Pearson on Excellence: Product and process innovation—Getting back to moving forward
November 01, 2013
Innovation isn’t the only path to prosperity. However, a growing number of companies have come to think that innovation’s risks outweigh its benefits. Thus they’ve opted to retain their “safe” business models and also focus more on product line extensions than real breakthroughs.
This “more of the same” approach is somewhat understandable, given recent years’ economic travails. But timidity can also be dangerous. Innovative enterprises may be taking a chance. But they’re also raising their potential to dominate and prosper in new and existing markets. Companies that stick to more of the same rarely get ahead.

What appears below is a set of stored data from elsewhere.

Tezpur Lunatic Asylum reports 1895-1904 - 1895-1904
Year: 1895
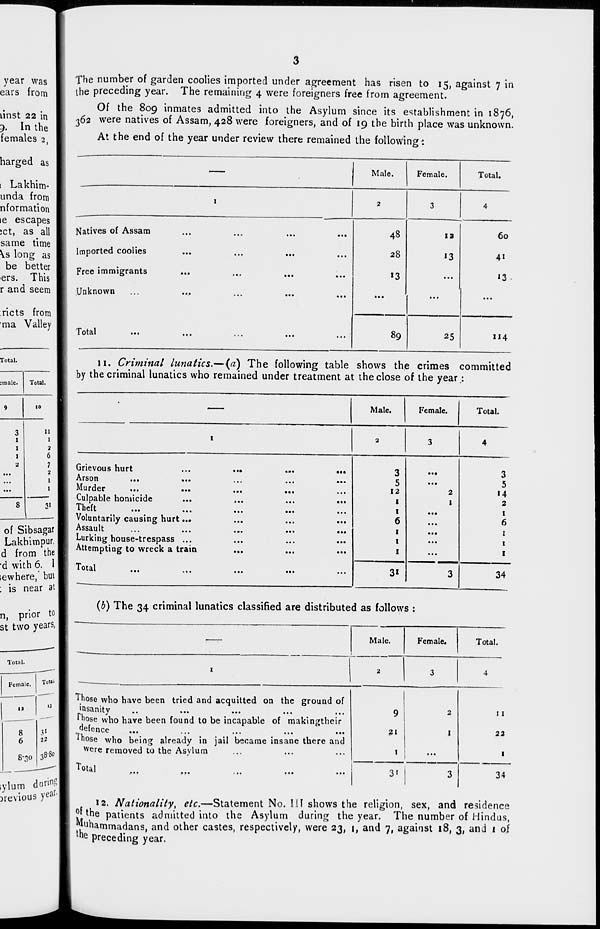
year was
ears from
linst 22 in
5. In the
females 2,
harged as
1 Lakhim*
unda from
nformation
le escapes
;ct, as all
same time
\s long as
be better
ers. This
r and seem
:ricts from
ma Valley
Total.
imale.
Total.
9
10
II
I
2
6
7
2
1
1
3»
of Sibsagar
Lakhimpur.
d from the
•d with 6. I
lewhere,' but
; is near at
n, prior to
st two years,
Total.
Female.
Total'
The number of garden coolies imported under agreement has risen to 15, against 7 in
the preceding year. The remaining 4 were foreigners free from agreement.
Of the 809 inmates admitted into the Asylum since its establishment in 1876,
362 were natives of Assam, 428 were foreigners, and of 19 the birth place was unknown.
At the end of the year under review there remained the following:
•
Male.
Female.
Total.
1
2
3
4
Natives of Assam
.
...
48
13
60
Imported coolies
...
• •
...
28
13
4*
Free immigrants
•••
i.
«•»
...
13
...
13
Unknown
•••
...
...
...
...
...
Total
...
..
...
...
89
25
114
II. Criminal lunatics.—(a) The following table shows the crimes committed
by the criminal lunatics who remained under treatment at the close of the year;
Male.
Female.
Total.
I
2
3
4
Grievous hurt
. ••
...
•••
3
3
Arson
...
...
...
5
...
5
Murder
...
...
...
12
2
14
Culpable homicide
...
...
...
1
1
2
Theft
...
...
...
1
...
1
Voluntarily causing hurt...
...
...
...
6
...
6
Assault
...
...
...
1
...
1
Lurking house-trespass ...
...
...
...
1
...
1
Attempting to wreck a train
...
...
...
1
...
I
Total
3»
3
34
(b) The 34 criminal lunatics classified are distributed as follows :
Male.
Female.
Total.
I
2
3
4
la
13 I
8
6
3 1 1
22
I
8-30 38-80 I
iylum c
Drevious
luring!
year. ■
Those who have been tried and acquitted on the ground of
msanity
..
...
Those who have been found to be incapable of makingtheir
defence
Ihose who being already in jail became insane there and
were removed to the Asvlum
Total
...
3'
34
12. Nationality, etc.—Statement No. Ill shows the religion, sex, and residence
01 the patients admitted into the Asylum during the year. The number of Hindus,
Muhammadans, and other castes, respectively, were 23, 1, and 7, against 18, 3, and 1 of
tn e preceding year.

So how can companies be innovators without exposing themselves to unacceptable levels of risk? Two imperatives come to mind. The first is acknowledging that innovation is as much about processes and business models as it is about products and services. Out-of-the-box thinking in supply chain management is a great example. Re-conceptualizing third-party relationships, launching collaborative design and manufacturing initiatives, and developing flexible capacity and flexible pricing programs can be just as rewarding as creating breakthrough products. Unfortunately, a recent Accenture survey of 519 vice presidents, directors, and managers at large U.S., U.K., and French firms reveals that investing in new process and business models has fallen by more than 10 percent in the last three years.

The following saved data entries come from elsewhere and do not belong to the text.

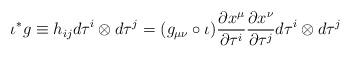
LaTeX: \begin{gather*}\iota^*g \equiv h_{ij} d \tau^i\otimes d\tau^j = (g_{\mu\nu} \circ \iota) \frac{\partial x^\mu}{\partial \tau^i} \frac{\partial x^\nu}{\partial \tau^j} d\tau^i \otimes d\tau^j\end{gather*}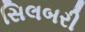
સિલબરી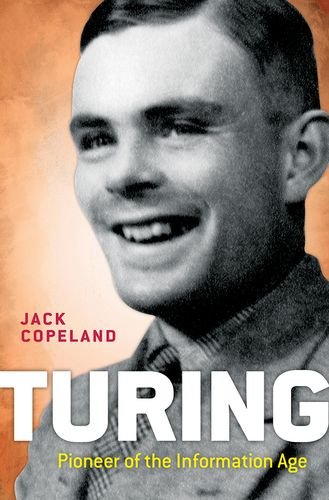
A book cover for Turing: Pioneer of the Information Age; B. Jack Copeland; Computers & Technology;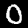
Label: 0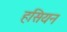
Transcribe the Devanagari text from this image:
हसियन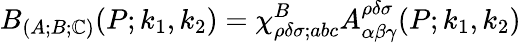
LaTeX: B_{(A;B;\mathbb{C})}(P;k_{1},k_{2})=\chi_{\rho\delta\sigma;abc}^{B}A_{\alpha\beta\gamma}^{\rho\delta\sigma}(P;k_{1},k_{2})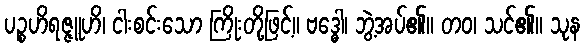
ပဉ္စဟိရဇ္ဇူဟိ၊ ငါးစင်းသော ကြိုးတို့ဖြင့်။ ဗဒ္ဓေါ၊ ဘွဲ့အပ်၏။ တဝ၊ သင်၏။ သုန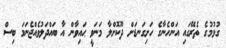
ގުޅުމުގެ ތެރޭގައި އަންހެނާގެ ހަށިގަނޑަށް ދޫކޮށްލާ މަނަވީ ޙައިވާން އާ ބައްދަލުވެއްޖެނަމަ ބިސް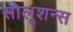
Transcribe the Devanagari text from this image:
सोलूशन्स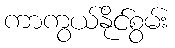
ကာကွယ်နိုင်စွမ်း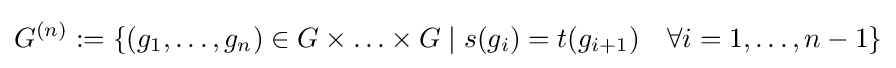
G^{(n)}:=\{(g_{1},\ldots ,g_{n})\in G\times \ldots \times G\mid s(g_{i})=t(g_{i+1})\quad \forall i=1,\ldots ,n-1\}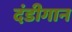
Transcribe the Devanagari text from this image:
दंडीगान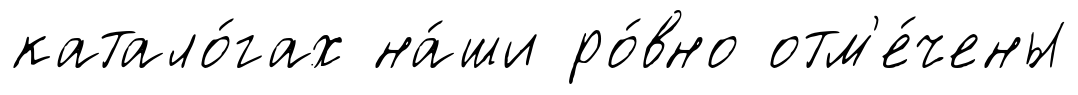
катало́гах на́ши ро́вно отм'е́чены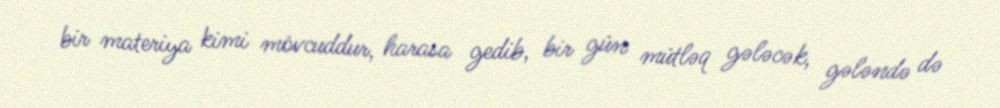
bir materiya kimi mövcuddur, harasa gedib, bir gün mütləq gələcək, gələndə də

The other catalyst is a formal, holistic innovation program. According to the aforementioned survey, nearly half of companies with this method are very satisfied with their idea generation capabilities, while less than one quarter are similarly pleased with their informal approaches. In addition, companies with formal innovation approaches are almost twice as likely to be very satisfied with the returns or profits that innovation spawns.
Accenture also has observed that “very satisfied innovators” are big fans of speed and flexibility. Both of these have become more essential as product life cycles shrink and consumers become more demanding, capricious and well informed. Speed and flexibility speak directly to the importance of supply chain (i.e., process and business model) innovation. Breakthroughs such as developing rapid sense-and-respond capabilities and designing variable (rather than fixed) cost structures are all about speed and flexibility.
Survey results confirm that successful innovators also use advanced risk management practices to identify future opportunities and consistently evaluate their innovation portfolios. Innovation-centric risk management is about identifying the most opportune moves and quantifying the value of entire portfolios by “category of initiative.”
A final tenet is thinking more broadly about how innovation happens. New models, processes, and products are great. But to ensure ongoing revenue streams, innovations also should emphasize customized consumer experiences and services. The supply chain’s ability to segment and support customers is obviously key. Nearly 90 percent of survey respondents stated that personalization is a major part of their company’s innovation strategy.
Technology is obviously central to innovators’ development of customized experiences and services. One example is social media—an increasingly core source of the Big Data companies need to understand and connect with customers.
Unfortunately, less than one third of innovation survey respondents currently invest in social media. Equally important is integrating Big Data with analytics. Without the latter, companies have little chance to leverage the huge quantities of potentially valuable information they’ve gathered. Successful innovators use analytics to identify their most profitable customers; discover the real drivers of financial success; identify and prioritize innovation options; right price new products and services; and optimize cross selling and post sale support.
The most noteworthy takeaways from the Accenture survey may be twofold: Two thirds of executive respondents believe that innovation is a “Top 5” priority, and an equal number note that their organization is extremely dependent on innovation for its long-term success. Yet barely half have upped their funding of innovation initiatives in recent years. Given this contradiction, it shouldn’t be surprising that a majority have opted to pursue product line extensions rather than develop totally new products or services.
But here’s the crux: Only one third of respondents believe their company has a well-defined innovation strategy: one that focuses as much on processes and business models as products and services; one that positions speed and flexibility as key innovation contributors and outcomes; one that leverages advanced risk-management practices to make smart, balanced decisions. Perhaps if more companies had these innovation strategies in place, unsatisfactory returns would be far less common.